Without being marketed directly as a such, Yellowjackets is a very gay show because anything can be seen as gay if you just try hard enough, and that’s half the fun of being gay. (This practice is given a special descriptive these days, “queer reading,” and I’ve put it to great use in every Angelina Jolie movie since Foxfire, and, every single episode of Riverdale).

Yes, this show is about survival, trauma, dissociation, brutality, manipulation, etc. But, it’s also very much about adult Natalie (Juliette Lewis) applying dramatic eyeliner in a hand-mirror while listening to Mazzy Star, Shauna (Melanie Lynskey) shoving her husband Jeff (Warren Kole) into a piece of furniture with undeniable femme-top energy, Jackie (Ella Purnell) with her hard femme wilderness hair and lingering “best friend” glances, and Taissa’s (Tawny Cypress) letter opener dexterity.

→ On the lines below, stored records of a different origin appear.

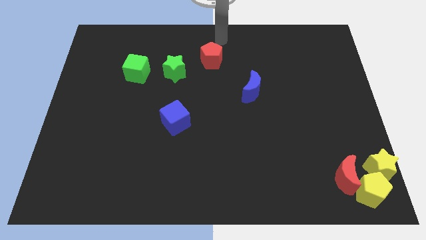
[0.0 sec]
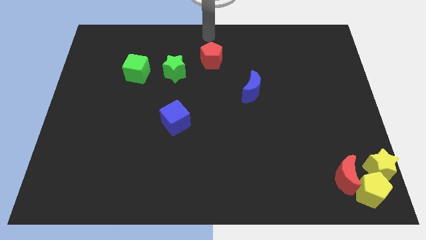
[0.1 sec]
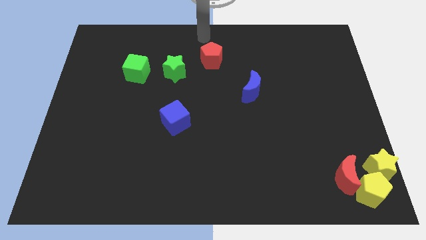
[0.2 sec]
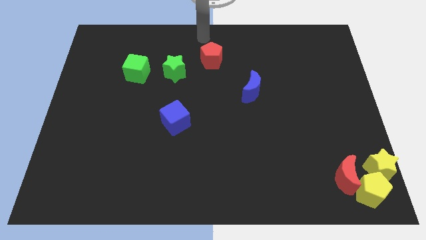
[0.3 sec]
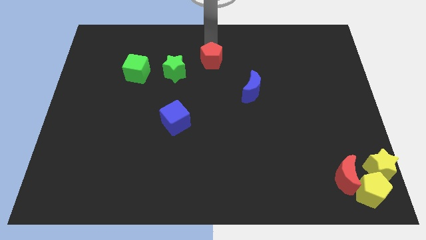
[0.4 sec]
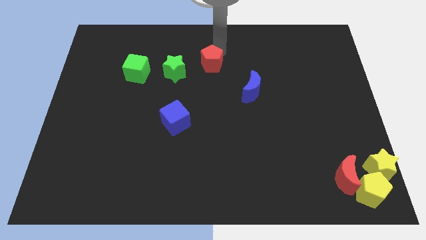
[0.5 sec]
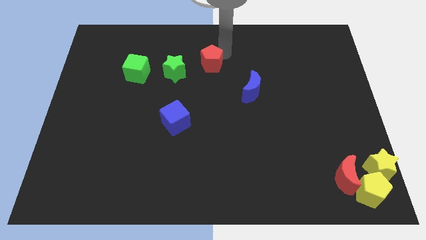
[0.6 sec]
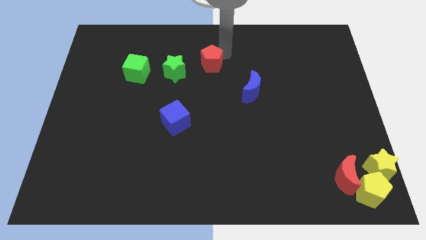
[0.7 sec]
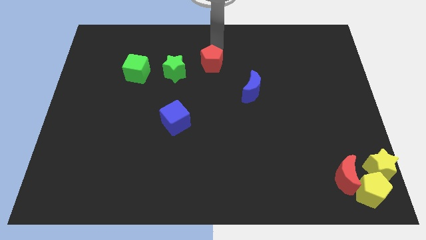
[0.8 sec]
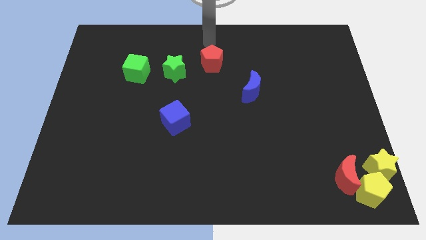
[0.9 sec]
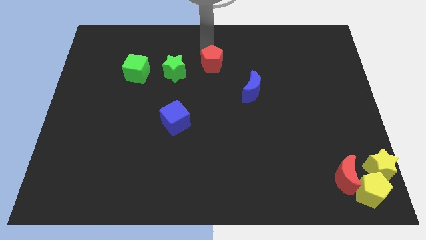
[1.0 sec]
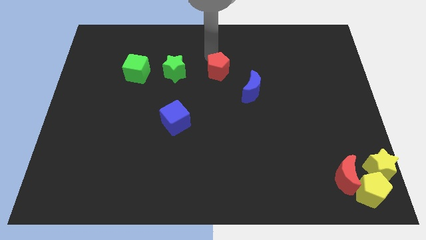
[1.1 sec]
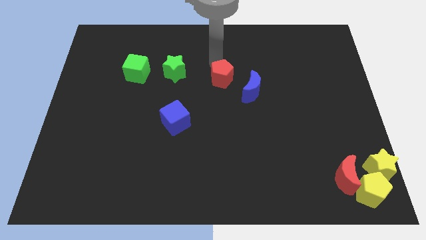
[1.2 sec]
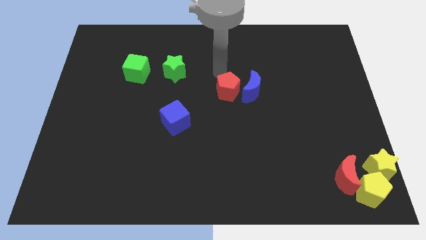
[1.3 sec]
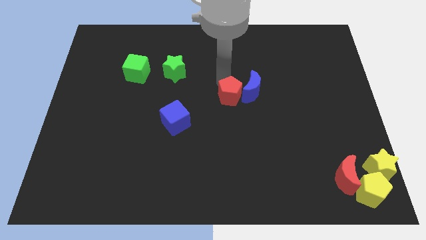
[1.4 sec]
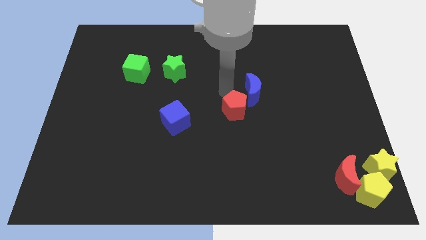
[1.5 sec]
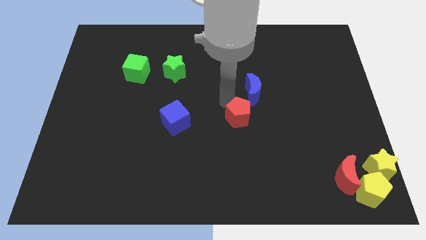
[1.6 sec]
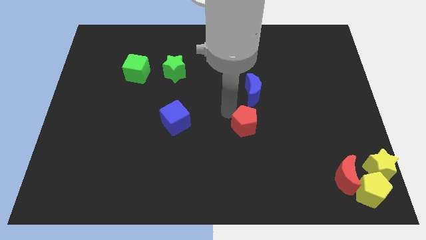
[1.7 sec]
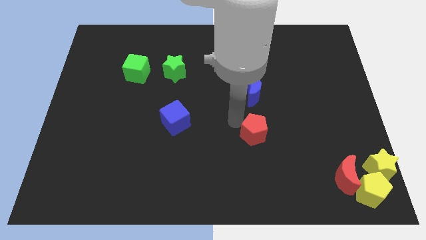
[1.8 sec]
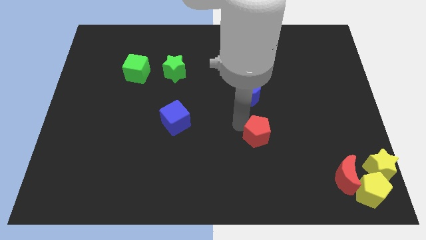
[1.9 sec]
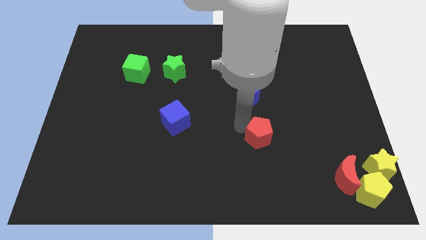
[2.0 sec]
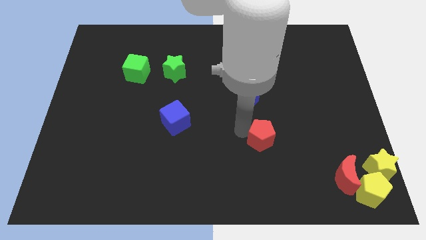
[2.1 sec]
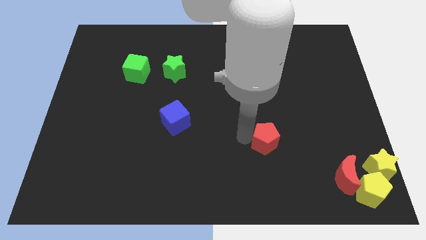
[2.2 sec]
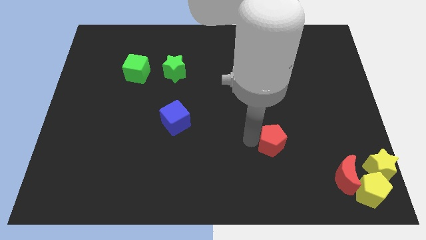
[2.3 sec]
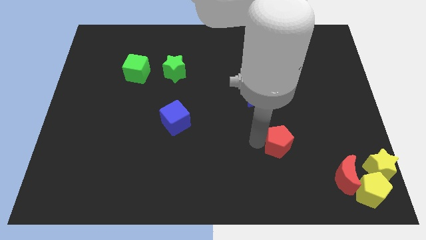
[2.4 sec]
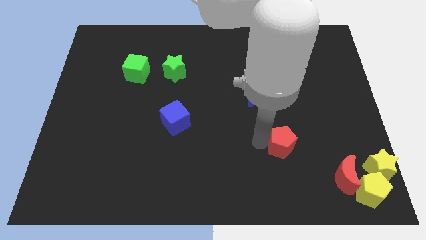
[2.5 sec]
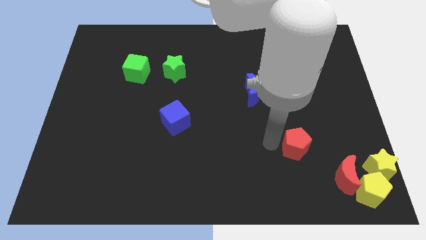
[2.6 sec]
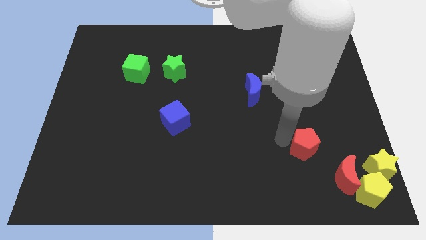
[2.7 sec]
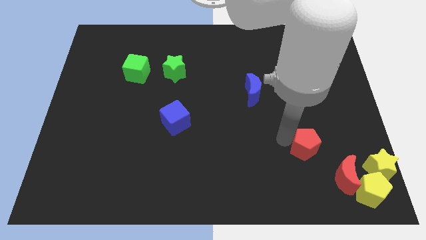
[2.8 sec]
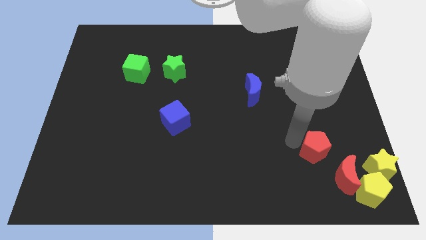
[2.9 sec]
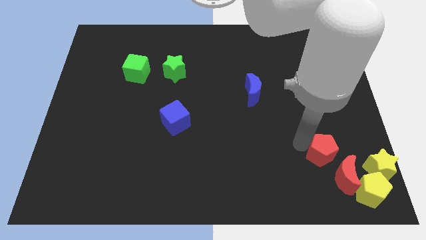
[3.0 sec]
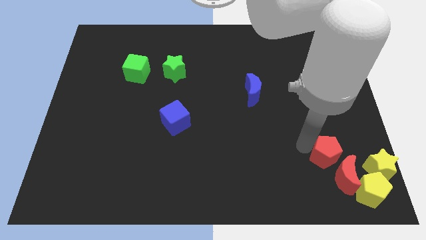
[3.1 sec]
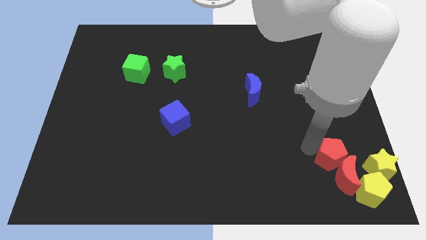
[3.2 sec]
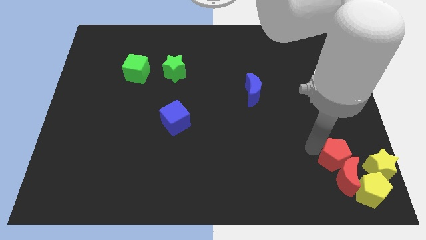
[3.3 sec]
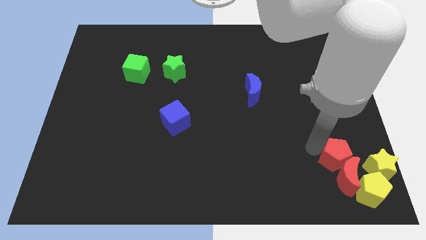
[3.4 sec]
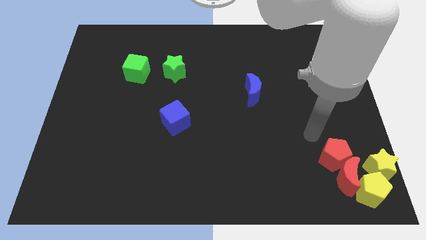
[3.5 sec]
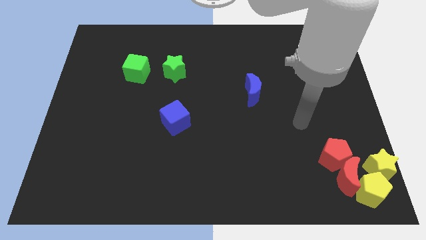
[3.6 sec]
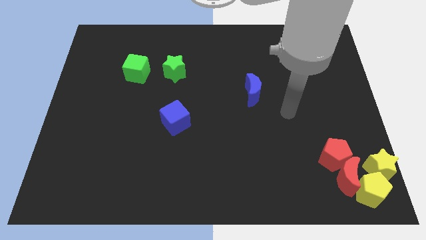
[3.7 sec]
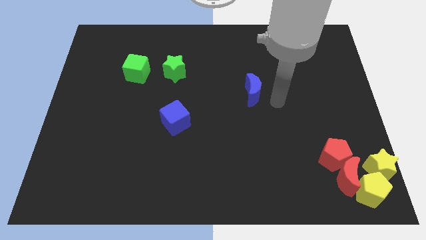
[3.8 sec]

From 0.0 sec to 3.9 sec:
move the red pentagon into the red moon

The combination of underlying gay listed above, and overtly gay realities like assistant coach Ben’s (Steven Krueger) finger snaps in response to the girls doing a dance routine in the cabin, teenage Taissa (Jasmin Savoy Brown) and Van (Liv Hewson) going full mushroom munch in the woods, and adult Taissa’s terrifying home life with her wife Simone (Rukiya Bernard) give us a lot to work with, and it all feels very welcoming for a piece of media that is teasingly steering us towards teen cannibalism.

“And I asked myself about the present: How wide it was, how deep it was, how much was mine to keep.”

What deepens the impact of a show like Yellowjackets debuting in late 2021/early 2022 is its ability to hold up a mirror to fans who went to high school during the period depicted in its flashbacks. Fans who are now middle aged with families of their own in a time that, in many ways, seems so much darker and drearier than 25 years ago—and in just as many other ways, better. And for younger generations of the show’s fans, they’re able to see themselves in characters, both queer and straight, navigating a culture that didn’t always make it so easy for a person to live their truth.

LGBTQ+ culture was certainly not as taboo in the ’90s as it was in the preceding decades, but representation of LGBT characters (the Q+ was just a glimmer in our eyes at that point) in media still caused quite a surprising stir. Sandra Bernhard’s portrayal of a bisexual character named Nancy Bartlett on Roseanne was a big to-do, as was Ellen DeGeneres’ coming out story arc in “The Puppy Episode” of her sitcom Ellen in 1997. Alyson Hannigan’s character Willow Rosenberg opening up about her gayness in season four of Buffy dropped jaws left and right.

Compared to the raw and edgy dicks-out days of Euphoria, the ’90s felt like an untouched glass of whole milk. Younger viewers of Yellowjackets may find it odd that Ben kept his sexuality in the closet, and Van and Tai hid their relationship for so long, but that’s the way it was back then.

Gay life—queer life—was a fun little secret that we made space for ourselves in privately, or within the accepting graces of a chosen few. We’ve certainly made some cultural advancements there, but a lot of the worry and carefulness of being in the queer community still remains. Even in these wild, wild woods of 2022.

Quickly approaching the end of my 44th year on this earth, I watch Yellowjackets and think about how fun it was to be gay in the ’90s. Everything felt so new, like it was just for us. We smoked our Marlboro Reds, listened to our PJ Harvey, and it was just a gay, gay, gay ’ol time. How nice for this show to remind me, and us, that we are just that much closer to being able to have all that fun, with just a little less—when all goes as it should—of the bloody parts.